Deenaz P. Coachbuilder

Desert Rose

Hewn from the granite mountains,
each petal edged in frail white
carved across millennia, you were witness
to the graceful pronghorn as they made their way
through the Piute and San Jacinto mountains.
You mourn the shrinking grasslands,
scarce desert tortoise, forests of Joshua trees,
and sunshine amidst vast silent spaces,
the wild valleys of a vanishing frontier.
You long for a time devoid
of the footprint of mankind,
of telephone poles and fences.

The Last Bird

In the trees, along the lake,
countless water birds
breed in the winter months.
Snow-white egrets resting
beside soot-black cormorants,
the mighty open bill storks lived peaceably
next to the small white ibises,
the purple night herons.
          The common sparrows twittered,
          busily hunting for dry seed
          and nesting twig.

In the autumn, after the rains,
beyond the yellowing grass
gleams the rich dark green
of the lofty sal.
The fiery blossoms of the
flame of the forest disappear.
May-awe screams the peacock,
displaying its splendid feathers,
fanned out before adoring hens.
          Those forgotten sparrows bathed in the dust
          collected beneath overhanging branches.

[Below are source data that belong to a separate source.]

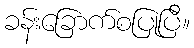
ခန်းခြောက်စပြုပြီ။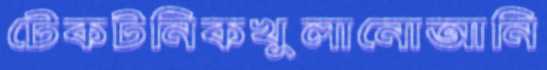
টেকটনিকখুলানোআনি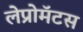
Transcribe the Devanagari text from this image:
लेप्रोमॅटस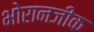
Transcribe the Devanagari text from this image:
भोरानजीक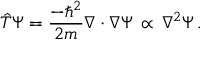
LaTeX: { \hat { T } } \Psi = { \frac { - \hbar ^ { 2 } } { 2 m } } \nabla \cdot \nabla \Psi \, \propto \, \nabla ^ { 2 } \Psi \, .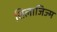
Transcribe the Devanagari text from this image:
सिलाजिज्म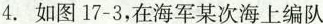
4.如图17-3，在海军某次海上编队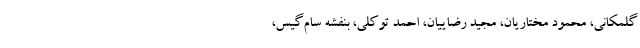
گلمکانی، محمود مختاریان، مجید رضاییان، احمد توکلی، بنفشه سام‌گیس،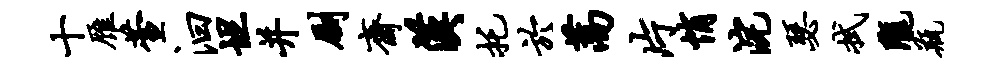
十雁萱汩坦并劂斋汉托於蒿片悄浣瑟拭陇瓶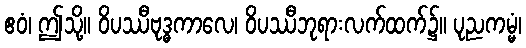
ဧဝံ၊ ဤသို့။ ဝိပဿီဗုဒ္ဓကာလေ၊ ဝိပဿီဘုရားလက်ထက်၌။ ပုညကမ္မံ၊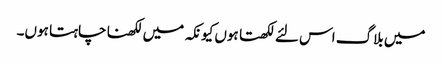
میں بلاگ اس لئے لکھتا ہوں کیونکہ میں لکھنا چاہتا ہوں۔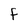
Character: f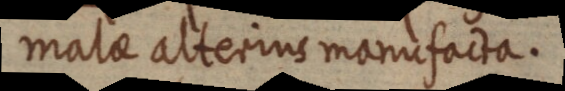
malae alterius manufacta.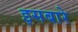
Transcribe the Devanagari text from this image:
इसबारे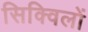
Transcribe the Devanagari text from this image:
सिक्विलों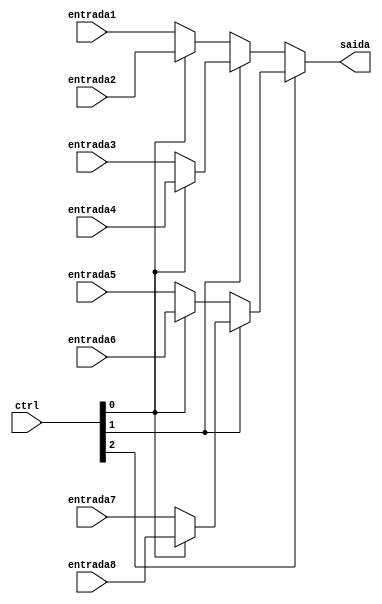
module mux8bit1p8(
input [7:0] entrada1, entrada2, entrada3, entrada4, entrada5, entrada6, entrada7, entrada8, 
input [2:0] ctrl,
output [7:0] saida
);
//

assign saida = ctrl[2]?ctrl[1]?ctrl[0]?entrada8:entrada7:
										 ctrl[0]?entrada6:entrada5:
							  ctrl[1]?ctrl[0]?entrada4:entrada3:
										 ctrl[0]?entrada2:entrada1;


endmodule

Mumbai city attracted the screeching parrot
that scolded from the burnished brown
of the gulmohor tree.
Grey pigeons goodo-goed,
awkwardly encircling each other
along dusty ledges of rusted windows.
Crows held a caucus in the evening gloom.
          Sparrows drank off muddy water
          gathering along the dripping eaves.

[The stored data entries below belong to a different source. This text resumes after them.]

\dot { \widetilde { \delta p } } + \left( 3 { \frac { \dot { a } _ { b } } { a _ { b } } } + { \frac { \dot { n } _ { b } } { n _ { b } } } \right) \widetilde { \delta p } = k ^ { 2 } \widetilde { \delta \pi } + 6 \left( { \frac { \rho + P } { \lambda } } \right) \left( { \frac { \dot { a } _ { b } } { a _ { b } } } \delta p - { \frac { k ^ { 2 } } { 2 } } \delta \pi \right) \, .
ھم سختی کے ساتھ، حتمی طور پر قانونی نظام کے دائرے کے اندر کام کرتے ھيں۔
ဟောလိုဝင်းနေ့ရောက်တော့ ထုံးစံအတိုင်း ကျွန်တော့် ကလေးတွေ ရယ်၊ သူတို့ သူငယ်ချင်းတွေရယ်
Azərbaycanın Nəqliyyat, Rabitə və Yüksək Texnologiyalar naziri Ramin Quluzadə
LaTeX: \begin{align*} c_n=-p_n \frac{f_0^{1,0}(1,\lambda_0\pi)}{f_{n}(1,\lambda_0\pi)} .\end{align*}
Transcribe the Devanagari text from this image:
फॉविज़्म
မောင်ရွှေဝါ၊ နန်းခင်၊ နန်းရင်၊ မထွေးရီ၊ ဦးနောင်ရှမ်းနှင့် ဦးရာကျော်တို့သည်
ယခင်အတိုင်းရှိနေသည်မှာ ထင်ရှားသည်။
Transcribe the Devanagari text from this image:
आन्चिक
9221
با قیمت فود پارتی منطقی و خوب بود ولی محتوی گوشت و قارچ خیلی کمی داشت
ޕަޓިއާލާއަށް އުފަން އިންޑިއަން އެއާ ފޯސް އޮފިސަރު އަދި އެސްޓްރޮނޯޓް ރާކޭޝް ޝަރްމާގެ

Then the river waters rushing through
Manac’s spectacular gorge
                    dried.
Sanctuary grasslands that sheltered
the chukor partridge and the sarus crane
                    lay waste.
Leaves of the city’s gulmohors
                    cracked,
the garden guavas, house of the green totas
                    stripped, denuded.

And then the birds were gone.

Only the dull sparrows,
unnoticed amidst the dustbins
                    sang
               a last faint song.

A Scattering of Stars

Supposing that abruptly you learnt
how brief your life was to be, a year
left in this veil of reality,
what would you do?

A woman of consummate morality,
hers is a sunny life, rewards of work,
love of family, the warmth of friends.
She believes that men are intrinsically good.
She knows that for some there is a world
of darkness, but it has not touched her.
Disregarding prayer all her life,
she lives it quietly instead.

Her mind becomes a tumbled jumble
of unfulfilled desires and disbeliefs. What
if it were not true? Could she spend a week
amidst the tangled golden waters of Kerala?
Did she have time to read the holy Vandidads?
Whom should she tell? Seek out a habit of prayer?
Recount stored memories, to leave behind some mark?

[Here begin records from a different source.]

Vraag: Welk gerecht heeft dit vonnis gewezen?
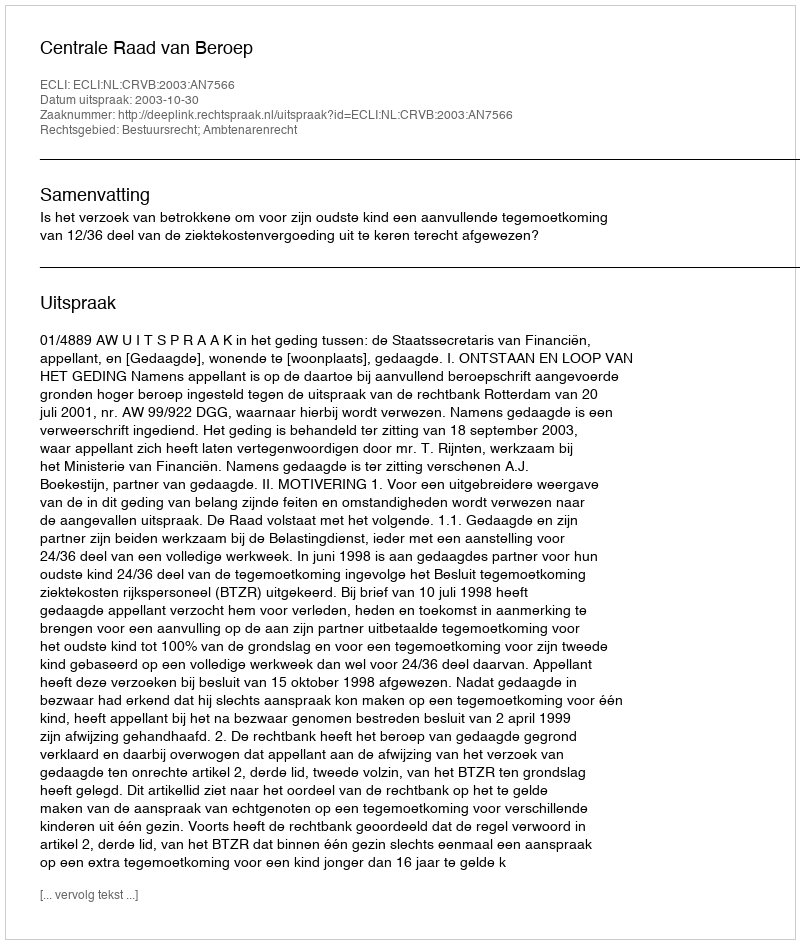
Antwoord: Centrale Raad van Beroep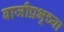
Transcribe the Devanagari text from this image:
बाजीप्रभूच्या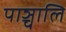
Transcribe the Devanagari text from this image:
पाञ्चालि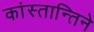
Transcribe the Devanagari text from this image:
कांस्तान्तिने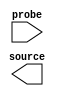
module issp (
		output wire [2:0]   source, // sources.source
		input  wire [351:0] probe   //  probes.probe
	);
endmodule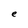
Character: e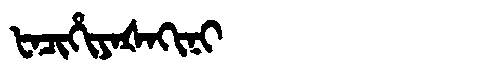
Manchu: ᡶᠠᠴᡳᡥᡳᠶᠠᡧᠠᡴᡳᠨᡳ
Romanization: FACIHIYAŠAKINI

She chooses the precious familiar,
a world reflected in her beloved’s smile,
the neighborhood evening walk,
and daily bread.

On an eternal orbit, her life span
is a tiny speck amidst a scattering of stars,
here, and then gone, her tracks slowly fading.

____

Deenaz P. Coachbuilder has been a resident of Riverside, California, since 1981. She received a Doctorate in Theater Arts from Brigham Young University, an M.S. in Communicative Disorders from Utah State, an M.A. and B.A from Bombay University, India. Deenaz is an educator, artist, poet and environmental advocate. She is a retired school principal, an adjunct professor in Special Education at California State University, San Bernardino, and a consulting Speech Pathologist. She is a Fulbright scholar, and the recipient of several awards, the most recent being President Obama’s 2011 “Volunteer Service Award.” She is a published poet in the U.S. and India, and is currently working on a publication of her poems.